● **Problem**: The lines below, from the one holding "An aerial image. It shows: Swimming" through the one holding "Atelectasis: negative", are to be restated word for word, with all images left out.

● **Exercise materials**:
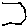
Label: hexagon
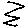
Label: zigzag
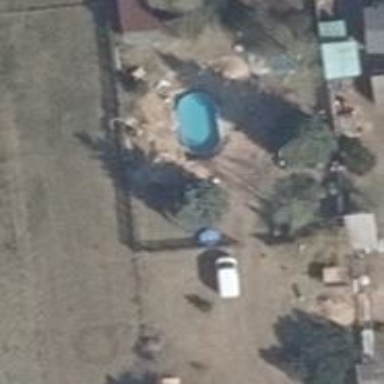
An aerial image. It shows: Swimming pool located in leisure land.
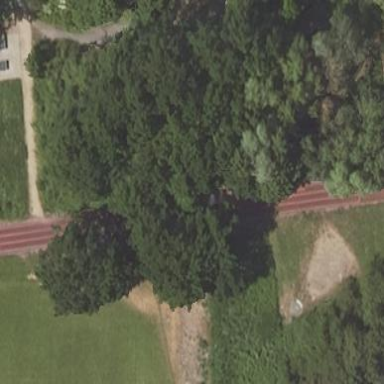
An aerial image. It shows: Tartan track for leisure land activities.
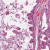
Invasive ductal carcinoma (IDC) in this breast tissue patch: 0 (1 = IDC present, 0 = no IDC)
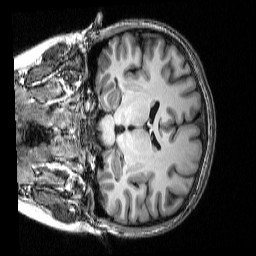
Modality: T1w
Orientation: coronal
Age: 21
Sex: female
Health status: healthy
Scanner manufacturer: siemens
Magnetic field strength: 3 T
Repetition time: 2.53 s
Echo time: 0.00339 s
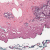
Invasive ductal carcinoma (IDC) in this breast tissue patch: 0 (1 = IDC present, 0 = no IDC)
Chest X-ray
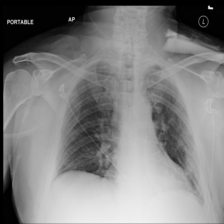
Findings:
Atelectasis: negative
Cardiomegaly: negative
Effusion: negative
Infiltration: negative
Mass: negative
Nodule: negative
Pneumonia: negative
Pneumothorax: negative
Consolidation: negative
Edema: negative
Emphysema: positive
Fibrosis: negative
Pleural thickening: positive
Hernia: negative
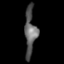
Tissue: skin
Cell type: Others
Senescence score: 0.7536
Nuclear area (px): 519
Mean DAPI intensity: 94.827
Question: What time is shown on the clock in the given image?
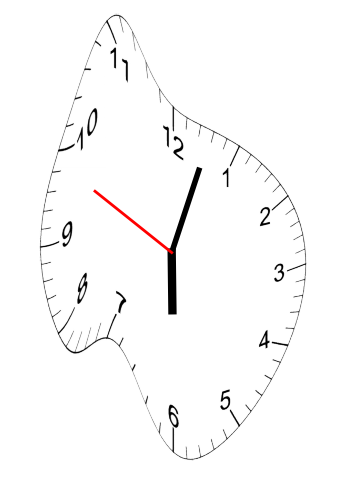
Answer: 06:02:49
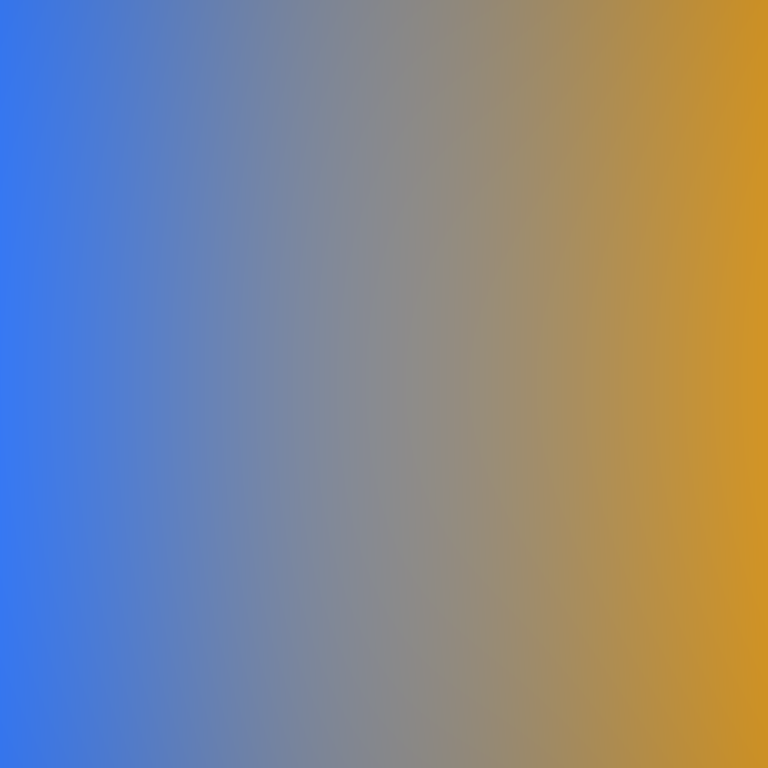
Abstract light effect, smooth gradient from cool blue to warm yellow, calm atmosphere, soft glow, no room, no furniture, no objects.
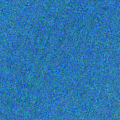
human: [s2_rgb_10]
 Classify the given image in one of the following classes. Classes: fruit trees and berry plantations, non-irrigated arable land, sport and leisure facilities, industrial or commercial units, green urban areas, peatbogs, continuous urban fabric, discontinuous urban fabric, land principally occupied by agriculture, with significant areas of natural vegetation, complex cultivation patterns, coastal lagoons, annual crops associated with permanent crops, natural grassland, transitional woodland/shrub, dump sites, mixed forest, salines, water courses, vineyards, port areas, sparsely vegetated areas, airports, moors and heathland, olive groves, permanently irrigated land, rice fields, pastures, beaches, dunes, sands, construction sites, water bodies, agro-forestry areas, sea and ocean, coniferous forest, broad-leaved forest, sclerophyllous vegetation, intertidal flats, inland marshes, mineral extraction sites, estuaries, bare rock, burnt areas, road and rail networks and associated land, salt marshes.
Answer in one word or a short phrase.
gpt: sea and ocean
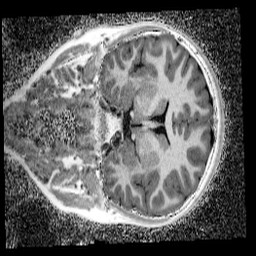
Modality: UNIT1_denoised
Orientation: coronal
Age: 11
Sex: female
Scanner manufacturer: siemens
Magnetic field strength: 3 T
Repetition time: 4 s
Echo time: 0.00299 s
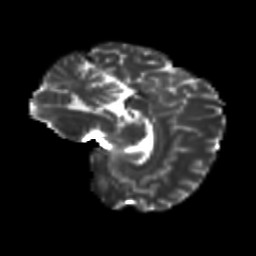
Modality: T2w
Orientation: sagittal
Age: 21
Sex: female
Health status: healthy
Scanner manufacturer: siemens
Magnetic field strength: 3 T
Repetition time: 8.6 s
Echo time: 0.095 s
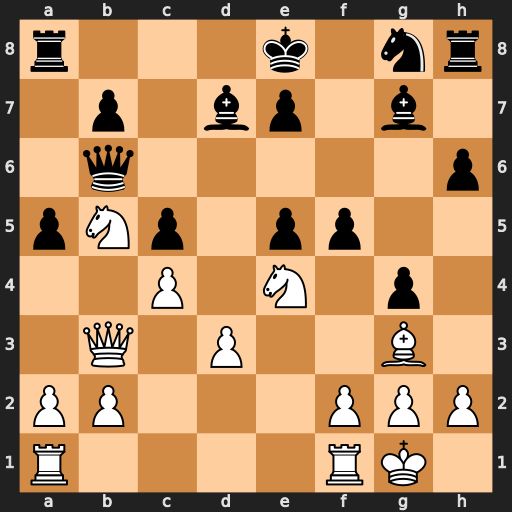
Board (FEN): r3k1nr/1p1bp1b1/1q5p/pNp1pp2/2P1N1p1/1Q1P2B1/PP3PPP/R4RK1
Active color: w
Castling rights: kq
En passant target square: -
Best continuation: Nbd6+ Qxd6 Nxd6+
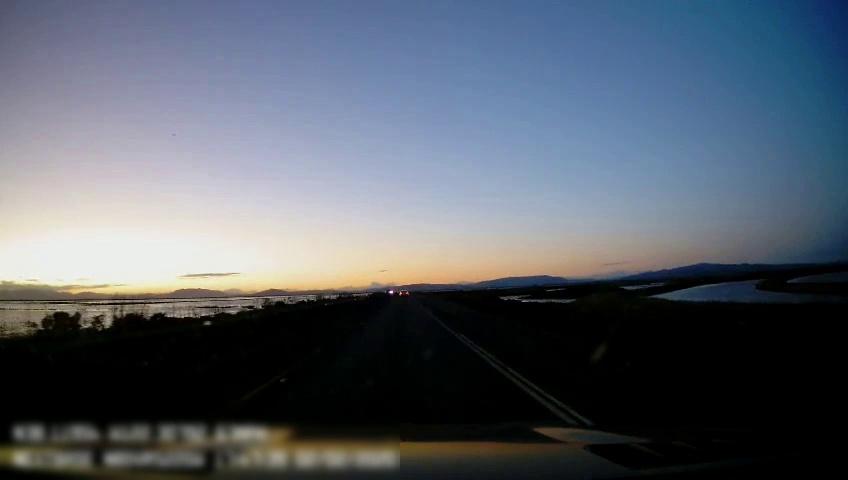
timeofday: Dusk/Dawn/Twilight
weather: Sunny
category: Drivable Space
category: Vehicles | Car
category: Lanes | Current Lane
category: Lanes | Current Lane
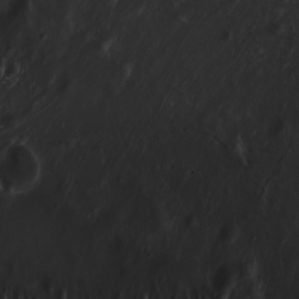
Label: non_frost
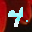
Label: 4
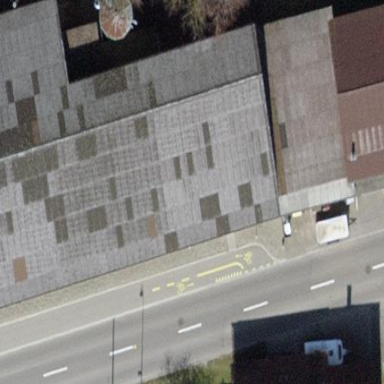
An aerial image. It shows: Industrial building with gabled roof.
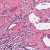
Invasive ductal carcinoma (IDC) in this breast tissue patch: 1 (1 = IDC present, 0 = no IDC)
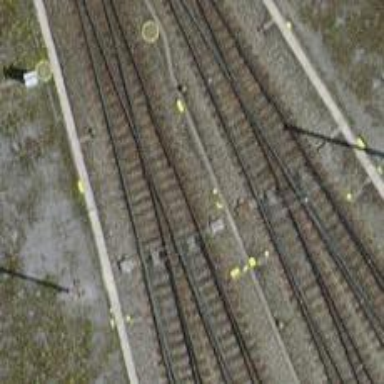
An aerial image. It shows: Railway yard.
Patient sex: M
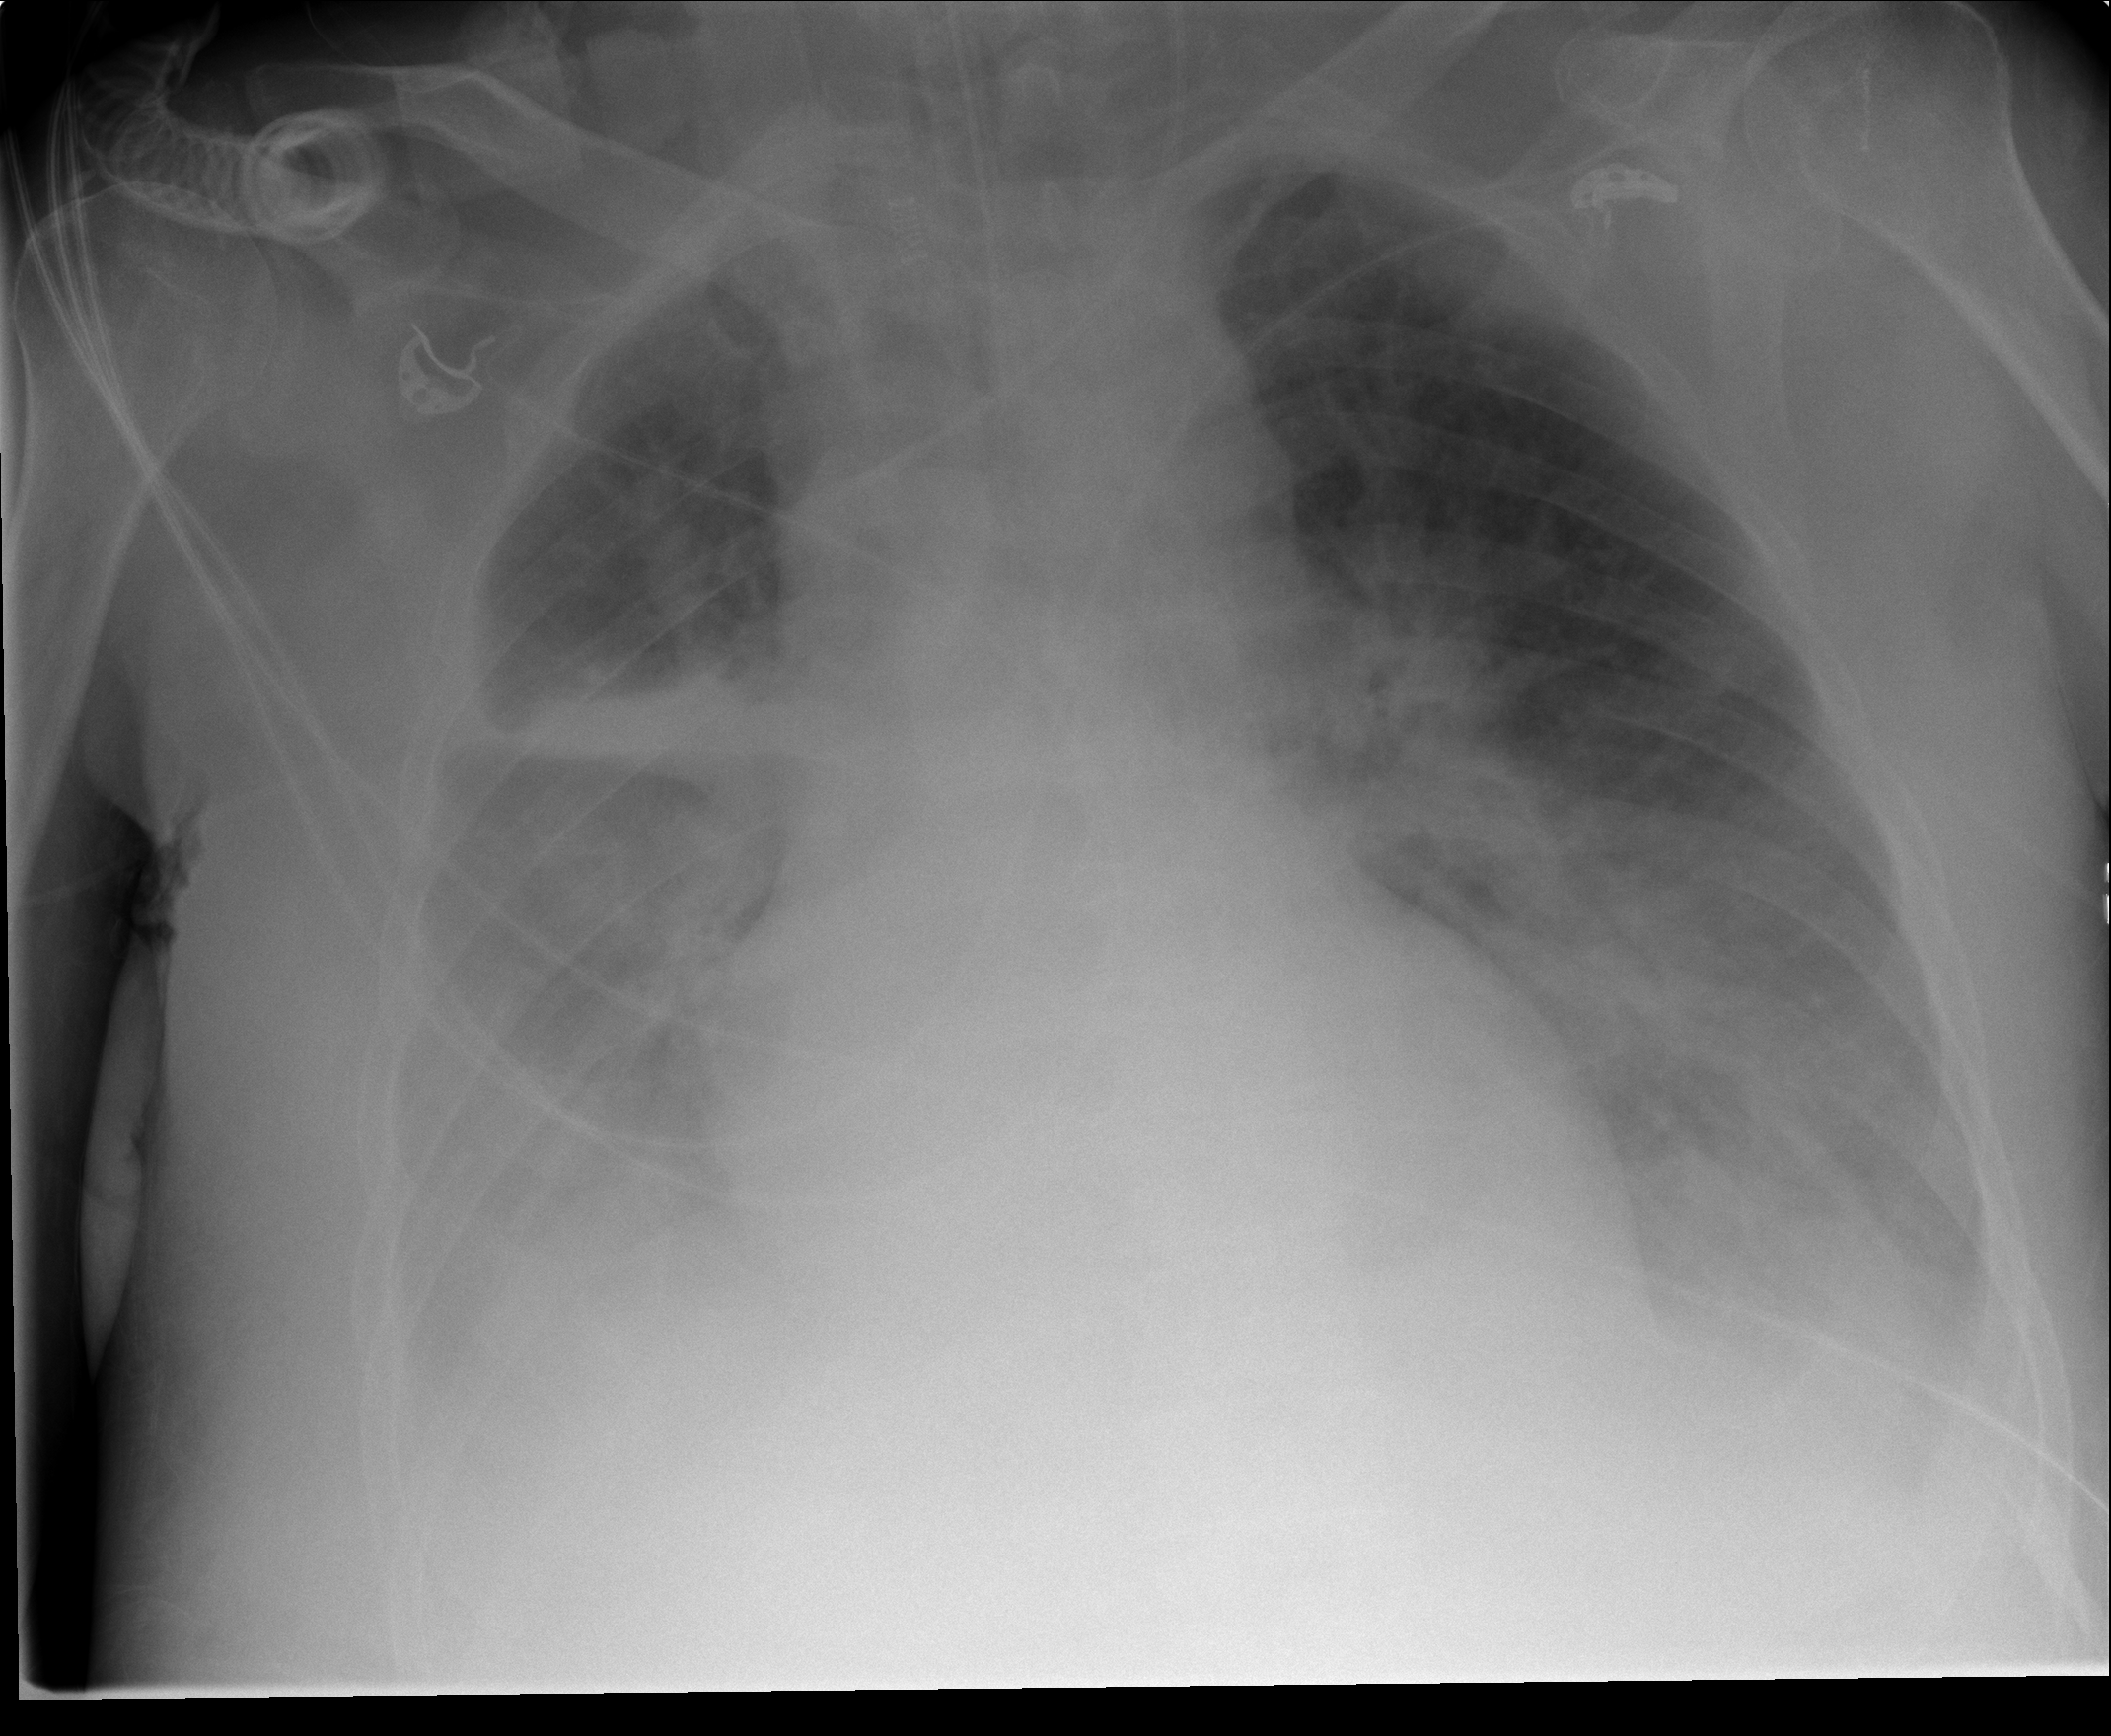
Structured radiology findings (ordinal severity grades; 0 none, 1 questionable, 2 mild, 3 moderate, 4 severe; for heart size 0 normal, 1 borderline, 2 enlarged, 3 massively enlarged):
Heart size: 2
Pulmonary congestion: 2
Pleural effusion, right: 3
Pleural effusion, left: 2
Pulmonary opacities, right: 0
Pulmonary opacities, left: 2
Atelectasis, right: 2
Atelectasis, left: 2
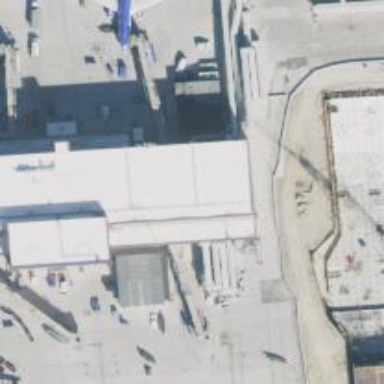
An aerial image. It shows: Airport gate.
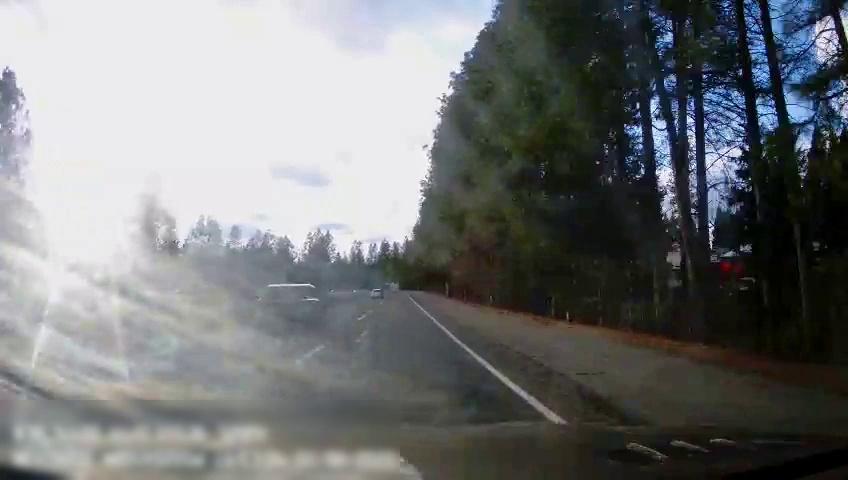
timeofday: Day
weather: Sunny
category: Drivable Space
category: Vehicles | Car
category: Vehicles | SUV
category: Lanes | Alternate Lane
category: Lanes | Current Lane
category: Lanes | Alternate Lane
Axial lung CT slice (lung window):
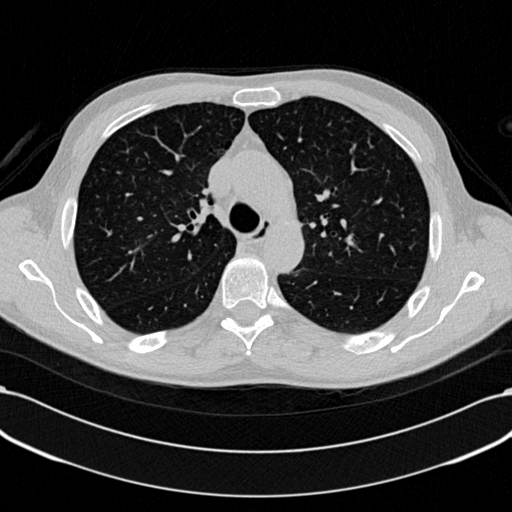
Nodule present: no
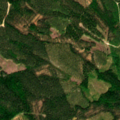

● **Solved problem**:
An aerial image. It shows: Swimming pool located in leisure land.
An aerial image. It shows: Tartan track for leisure land activities.
Invasive ductal carcinoma (IDC) in this breast tissue patch: 0 (1 = IDC present, 0 = no IDC)
Modality: T1w
Orientation: coronal
Age: 21
Sex: female
Health status: healthy
Scanner manufacturer: siemens
Magnetic field strength: 3 T
Repetition time: 2.53 s
Echo time: 0.00339 s
Invasive ductal carcinoma (IDC) in this breast tissue patch: 0 (1 = IDC present, 0 = no IDC)
Chest X-ray
Findings:
Atelectasis: negative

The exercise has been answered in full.